Due to the nature of this condition, it should not be surprising that one of the most common agoraphobia symptoms is anxiety. It is normal for people to worry or to become anxious about certain things. Anxiety, however, is a permanent or semi-permanent state of mind that can be accompanied by physical and psychological symptoms for people with agoraphobia. The anxiety stems from the fear of having a panic attack that people will witness or from humiliation that will be caused when the sufferer tries to withdraw to avoid having others witness such an attack.

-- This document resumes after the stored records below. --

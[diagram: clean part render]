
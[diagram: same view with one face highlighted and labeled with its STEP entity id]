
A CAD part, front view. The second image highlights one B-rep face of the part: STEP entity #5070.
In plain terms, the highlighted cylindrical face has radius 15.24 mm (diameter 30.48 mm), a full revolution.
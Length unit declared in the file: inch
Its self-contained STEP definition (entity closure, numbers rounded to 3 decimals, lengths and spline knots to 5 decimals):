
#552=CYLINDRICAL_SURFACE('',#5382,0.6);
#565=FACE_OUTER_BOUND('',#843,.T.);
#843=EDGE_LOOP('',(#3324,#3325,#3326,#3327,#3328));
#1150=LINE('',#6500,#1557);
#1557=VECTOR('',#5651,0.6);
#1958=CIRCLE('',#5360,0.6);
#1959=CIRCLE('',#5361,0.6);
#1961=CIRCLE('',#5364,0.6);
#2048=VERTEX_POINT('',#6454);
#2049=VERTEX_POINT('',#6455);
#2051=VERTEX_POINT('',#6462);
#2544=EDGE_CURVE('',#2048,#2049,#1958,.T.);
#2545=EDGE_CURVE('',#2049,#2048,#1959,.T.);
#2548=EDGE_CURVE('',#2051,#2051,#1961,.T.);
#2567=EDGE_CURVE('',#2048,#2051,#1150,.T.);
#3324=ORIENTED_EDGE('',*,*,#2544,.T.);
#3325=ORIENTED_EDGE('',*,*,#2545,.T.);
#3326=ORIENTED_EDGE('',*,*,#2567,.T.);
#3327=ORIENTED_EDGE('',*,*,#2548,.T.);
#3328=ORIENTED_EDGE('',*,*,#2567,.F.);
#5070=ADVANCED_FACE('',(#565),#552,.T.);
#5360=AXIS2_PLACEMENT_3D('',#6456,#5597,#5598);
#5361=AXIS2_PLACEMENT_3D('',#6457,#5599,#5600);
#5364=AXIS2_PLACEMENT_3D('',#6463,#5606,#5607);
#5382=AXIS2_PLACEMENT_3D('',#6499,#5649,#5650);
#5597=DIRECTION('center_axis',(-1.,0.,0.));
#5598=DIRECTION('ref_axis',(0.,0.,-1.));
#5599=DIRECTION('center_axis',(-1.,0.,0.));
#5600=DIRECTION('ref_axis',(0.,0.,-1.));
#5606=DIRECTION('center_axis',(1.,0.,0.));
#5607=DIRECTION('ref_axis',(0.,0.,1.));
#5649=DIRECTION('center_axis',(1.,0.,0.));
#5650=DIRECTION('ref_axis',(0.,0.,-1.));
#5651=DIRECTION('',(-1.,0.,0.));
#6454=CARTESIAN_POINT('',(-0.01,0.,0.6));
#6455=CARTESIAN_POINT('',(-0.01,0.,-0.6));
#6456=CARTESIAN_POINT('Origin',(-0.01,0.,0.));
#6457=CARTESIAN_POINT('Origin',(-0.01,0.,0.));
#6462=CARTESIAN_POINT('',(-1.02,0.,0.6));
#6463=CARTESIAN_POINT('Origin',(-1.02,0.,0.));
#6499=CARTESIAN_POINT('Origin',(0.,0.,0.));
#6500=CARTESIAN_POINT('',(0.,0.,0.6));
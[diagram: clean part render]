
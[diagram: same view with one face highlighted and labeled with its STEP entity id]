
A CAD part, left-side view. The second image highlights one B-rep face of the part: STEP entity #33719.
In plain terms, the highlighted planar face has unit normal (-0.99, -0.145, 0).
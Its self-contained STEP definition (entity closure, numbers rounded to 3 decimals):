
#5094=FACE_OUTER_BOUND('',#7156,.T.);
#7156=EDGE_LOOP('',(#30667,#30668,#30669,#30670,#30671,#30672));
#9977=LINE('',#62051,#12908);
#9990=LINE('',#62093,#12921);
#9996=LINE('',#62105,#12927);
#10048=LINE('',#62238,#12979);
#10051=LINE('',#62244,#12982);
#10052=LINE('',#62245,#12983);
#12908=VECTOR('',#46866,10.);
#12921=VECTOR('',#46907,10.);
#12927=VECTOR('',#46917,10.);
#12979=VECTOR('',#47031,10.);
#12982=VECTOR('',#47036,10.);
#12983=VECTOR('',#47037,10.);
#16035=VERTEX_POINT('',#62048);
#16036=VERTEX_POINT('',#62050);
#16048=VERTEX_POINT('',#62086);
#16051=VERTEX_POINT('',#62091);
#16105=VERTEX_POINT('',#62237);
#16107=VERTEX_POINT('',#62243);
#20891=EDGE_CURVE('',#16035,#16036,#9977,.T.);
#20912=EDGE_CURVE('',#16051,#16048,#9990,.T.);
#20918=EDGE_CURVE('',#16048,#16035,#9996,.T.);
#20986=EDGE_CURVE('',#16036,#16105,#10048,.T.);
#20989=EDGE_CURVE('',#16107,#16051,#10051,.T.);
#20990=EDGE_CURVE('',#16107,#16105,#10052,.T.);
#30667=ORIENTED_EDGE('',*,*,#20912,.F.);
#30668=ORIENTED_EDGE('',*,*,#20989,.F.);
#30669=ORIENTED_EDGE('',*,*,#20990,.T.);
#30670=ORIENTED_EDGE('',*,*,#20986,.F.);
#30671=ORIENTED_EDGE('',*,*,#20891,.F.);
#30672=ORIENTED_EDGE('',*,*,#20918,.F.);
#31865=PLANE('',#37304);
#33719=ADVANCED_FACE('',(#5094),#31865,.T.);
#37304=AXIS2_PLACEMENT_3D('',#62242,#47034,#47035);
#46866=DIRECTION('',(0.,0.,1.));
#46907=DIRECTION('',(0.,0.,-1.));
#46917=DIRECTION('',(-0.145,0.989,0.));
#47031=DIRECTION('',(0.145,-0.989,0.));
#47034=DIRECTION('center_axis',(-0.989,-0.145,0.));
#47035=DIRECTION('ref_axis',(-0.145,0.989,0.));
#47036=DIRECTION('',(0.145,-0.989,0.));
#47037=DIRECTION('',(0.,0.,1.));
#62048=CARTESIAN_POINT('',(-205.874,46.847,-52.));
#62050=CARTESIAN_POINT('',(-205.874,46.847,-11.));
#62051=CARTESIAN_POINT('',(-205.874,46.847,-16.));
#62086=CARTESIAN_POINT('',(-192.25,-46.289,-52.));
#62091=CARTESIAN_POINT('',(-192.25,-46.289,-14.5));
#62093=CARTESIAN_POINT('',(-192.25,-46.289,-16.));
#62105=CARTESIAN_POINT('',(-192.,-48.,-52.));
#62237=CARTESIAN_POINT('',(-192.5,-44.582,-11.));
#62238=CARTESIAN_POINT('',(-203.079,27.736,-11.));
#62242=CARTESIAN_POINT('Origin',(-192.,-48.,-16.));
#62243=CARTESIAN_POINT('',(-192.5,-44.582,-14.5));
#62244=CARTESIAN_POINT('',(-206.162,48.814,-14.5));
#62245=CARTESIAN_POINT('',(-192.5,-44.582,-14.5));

This condition is often characterized by disorientation. The phobia and the irrational thoughts associated with it can be so overwhelming that a person can lose her sense of direction, become confused, or lose the ability to concentrate. In addition to these symptoms of agoraphobia, there are also many physical effects, such as dizziness.

Hyperventilation is one of the most common physical symptoms. Hyperventilation is over-breathing. When a person hyperventilates, she may begin taking breaths that are deeper than necessary or she may breath at an abnormally fast pace. For people with agoraphobia, this can occur before they are forced to enter situation they fear, such as boarding a subway, or it can occur while they are in such a situation.

Accelerated heartbeat is also common. In many instances, when agoraphobic individuals feel trapped or fear that they will be trapped, their hearts begin to race. This may continue as long as they are confronted with or remain in a situation that presents fear.

The anguish they feel may be visible to others. Agoraphobia symptoms include flushing of the skin, which may be very noticeable when individuals have lighter skin tones. Even if others do not notice changes in skin color, they may be able to notice displays of being hot since many agoraphobic individuals feel that their body temperatures increases.